In fact, many MNCs recognise that arts and culture provide an important return on their environment (company culture and employees’ engagement), as well as return on investment (increased consumption), and creative branding. Arts and culture also harnesses creativity, enables change and transformation, generates innovative solutions and technological innovations. Further, ‘values’ and ‘experiences’ are delivered through the arts, contributing to openness and leadership, cultural exchange, social mobility and the development of society in tackling global challenges for the achievement of the SDGs.

In conclusion, the worlds of art & business are more in alignment with each other than what might have been thought of previously. These two areas can explore and implement win-win partnerships in multiple ways, and generate opportunities for artists and cultural professionals, particularly young talent. Facilitating cultural mobility and international cooperation, enable the exchange of best practices and the co-creation of projects that contribute to the advancement of the 2030 Agenda, in particular: tackling global challenges such as quality education for all (Goal #4), gender equality (Goal #5), reduced inequalities within and among countries (Goal #10), and increasing the active engagement of citizens and stakeholders within arts and culture to building a creative society.

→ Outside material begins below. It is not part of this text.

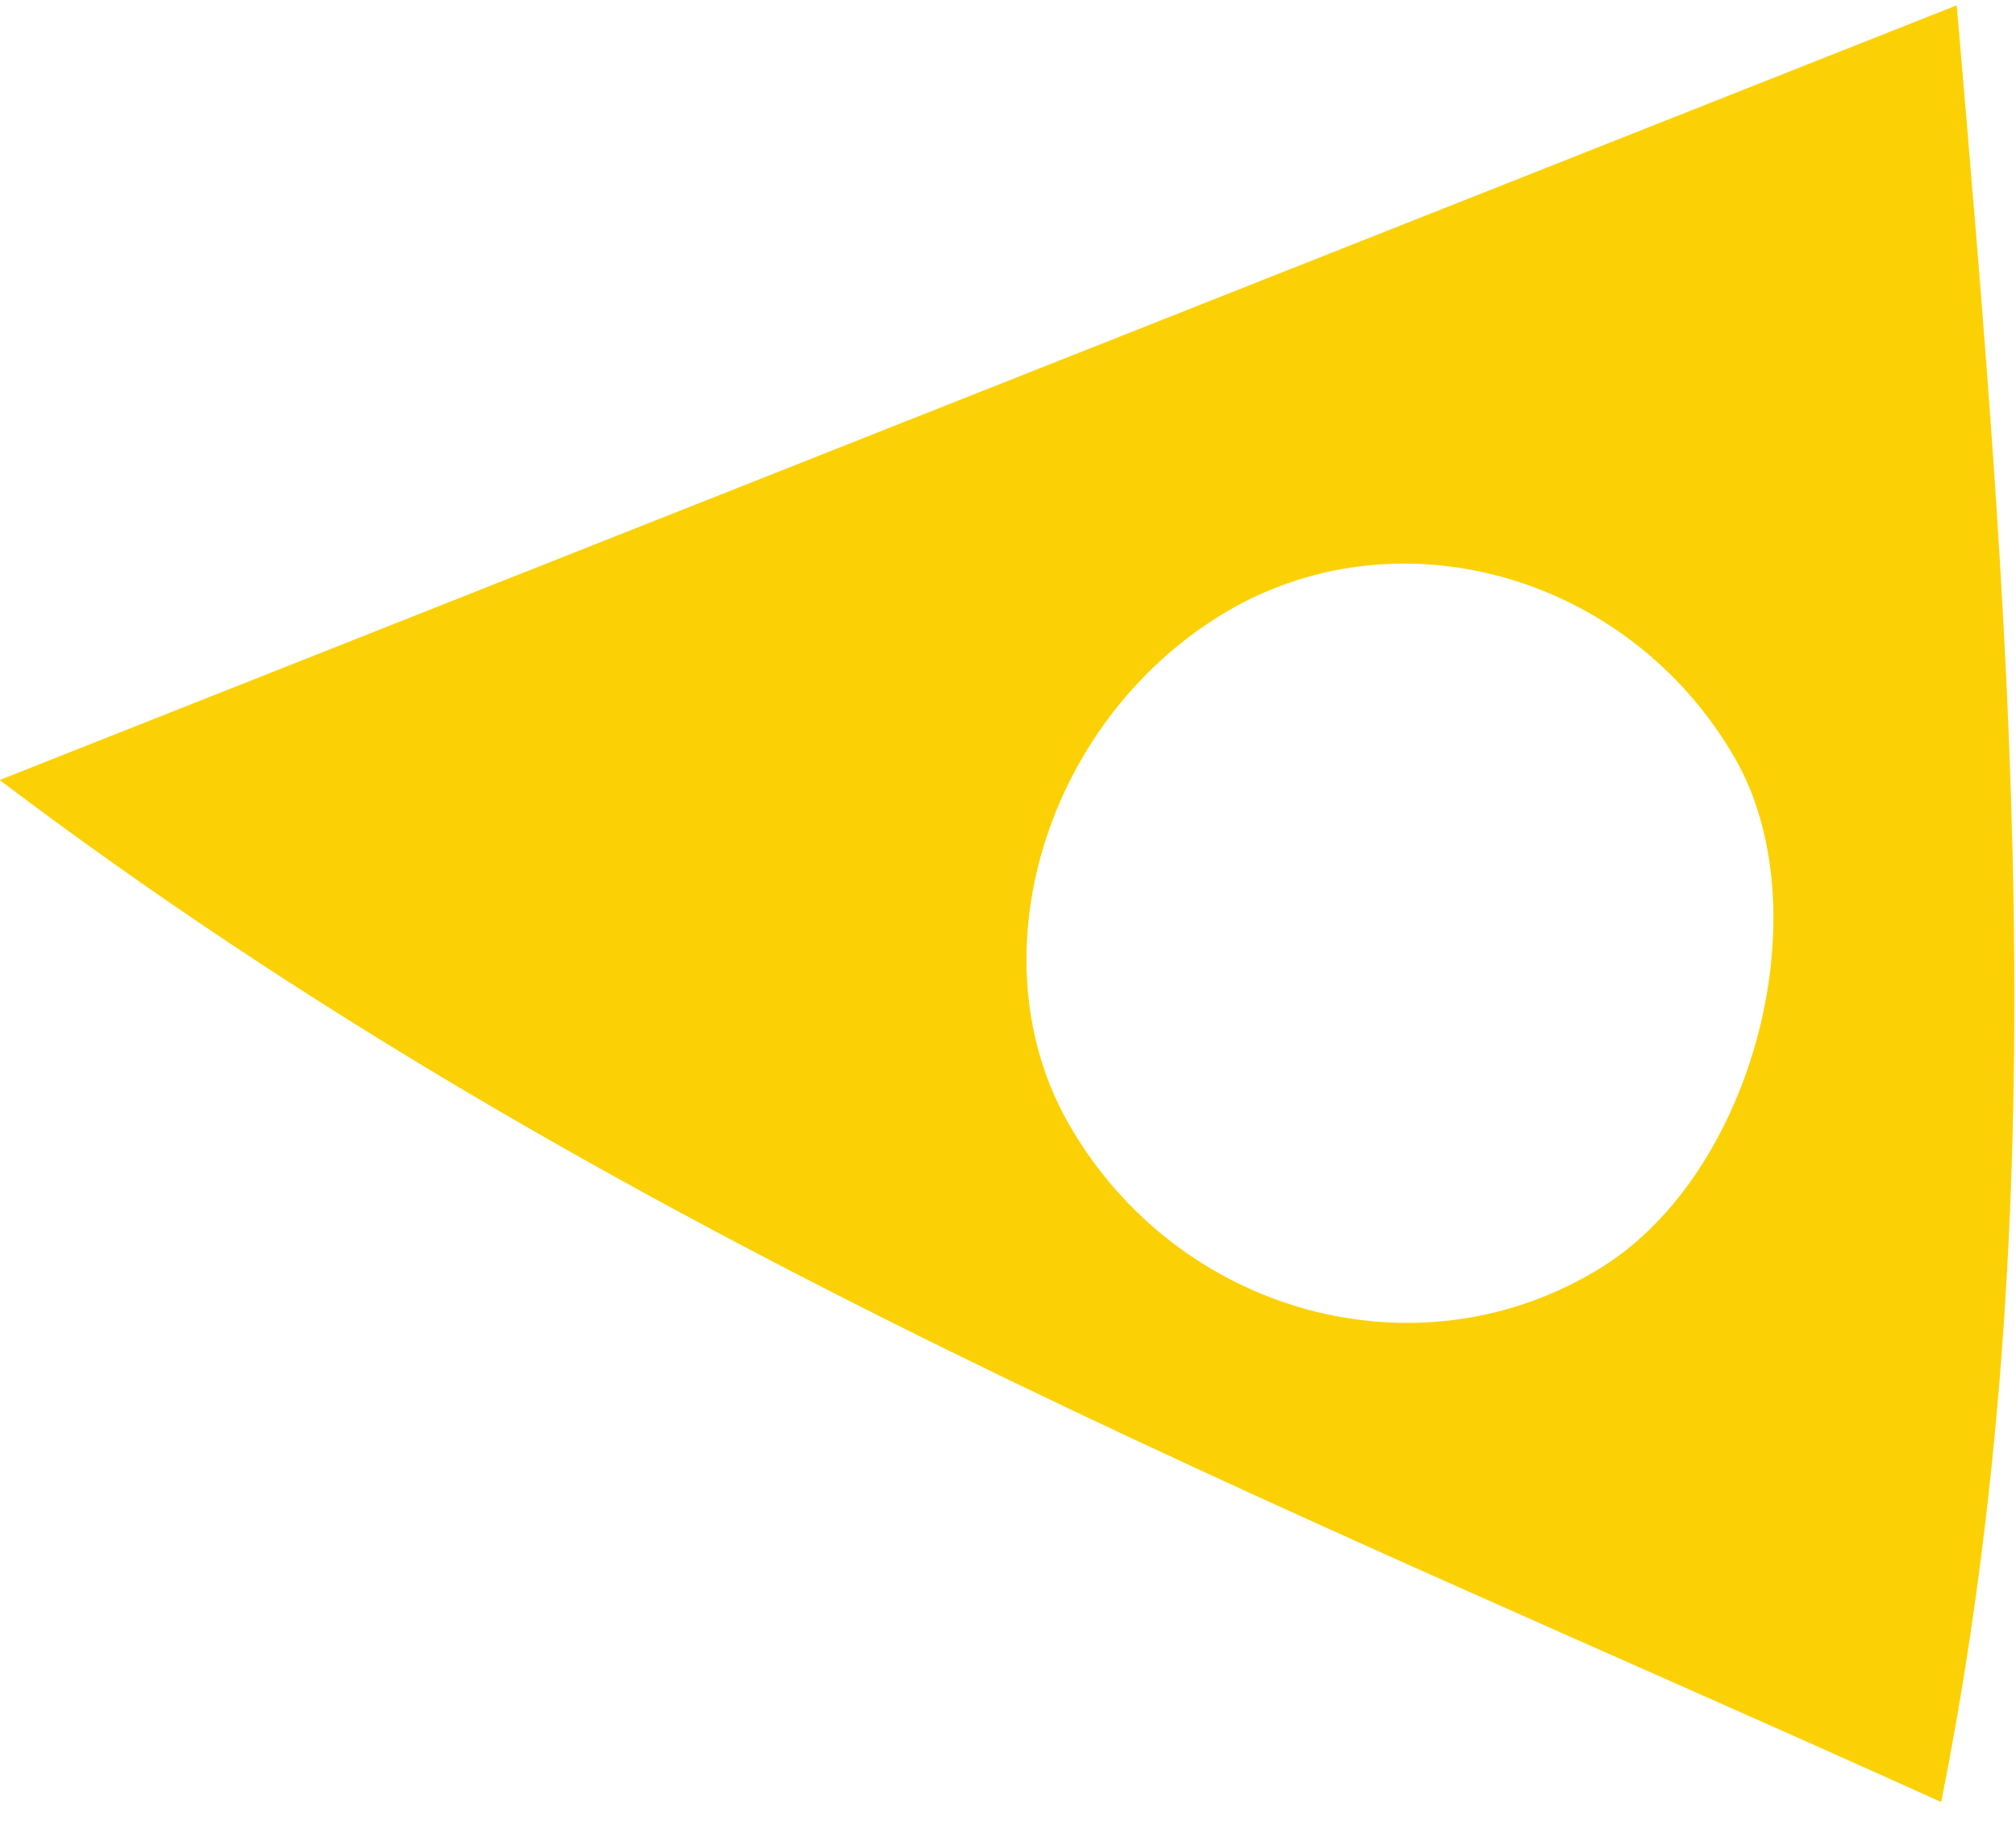 <svg width="55" height="50" viewBox="0 0 55 50" fill="none" xmlns="http://www.w3.org/2000/svg">
<path d="M-0.01 21.28C17.998 14.149 35.294 7.306 53.383 0.145C54.829 17.008 56.224 32.784 52.959 49.162C34.775 40.93 16.62 33.856 -0.01 21.28ZM29.132 30.617C32.108 35.874 38.754 37.675 43.72 34.557C47.864 31.956 49.717 24.788 47.317 20.658C44.398 15.628 38.039 13.871 33.303 16.783C28.506 19.736 26.587 26.104 29.132 30.617Z" fill="#FBD105"/>
</svg>

Antonio Carlos Ruiz Soria is a leading international expert on creative & digital economy, sustainability and entrepreneurship; founder of Economía Creativa, creativity and innovation consultancy and digital hub. He is a creative thinker and ecosystem maker providing strategic advice, actionable development plans, feasibility studies, research and capacity building (in more than 15 countries) for international organizations, governments, NGOs, startup hubs/accelerators, leading businesses and creative enterprises with a co-creation methodology and cross-sectoral approach. His recent assignments include a Feasibility Study carried out for the Asia-Europe Foundation (ASEF) for private sector funding for its cultural mobility grant, Mobility First! (from which this article is based).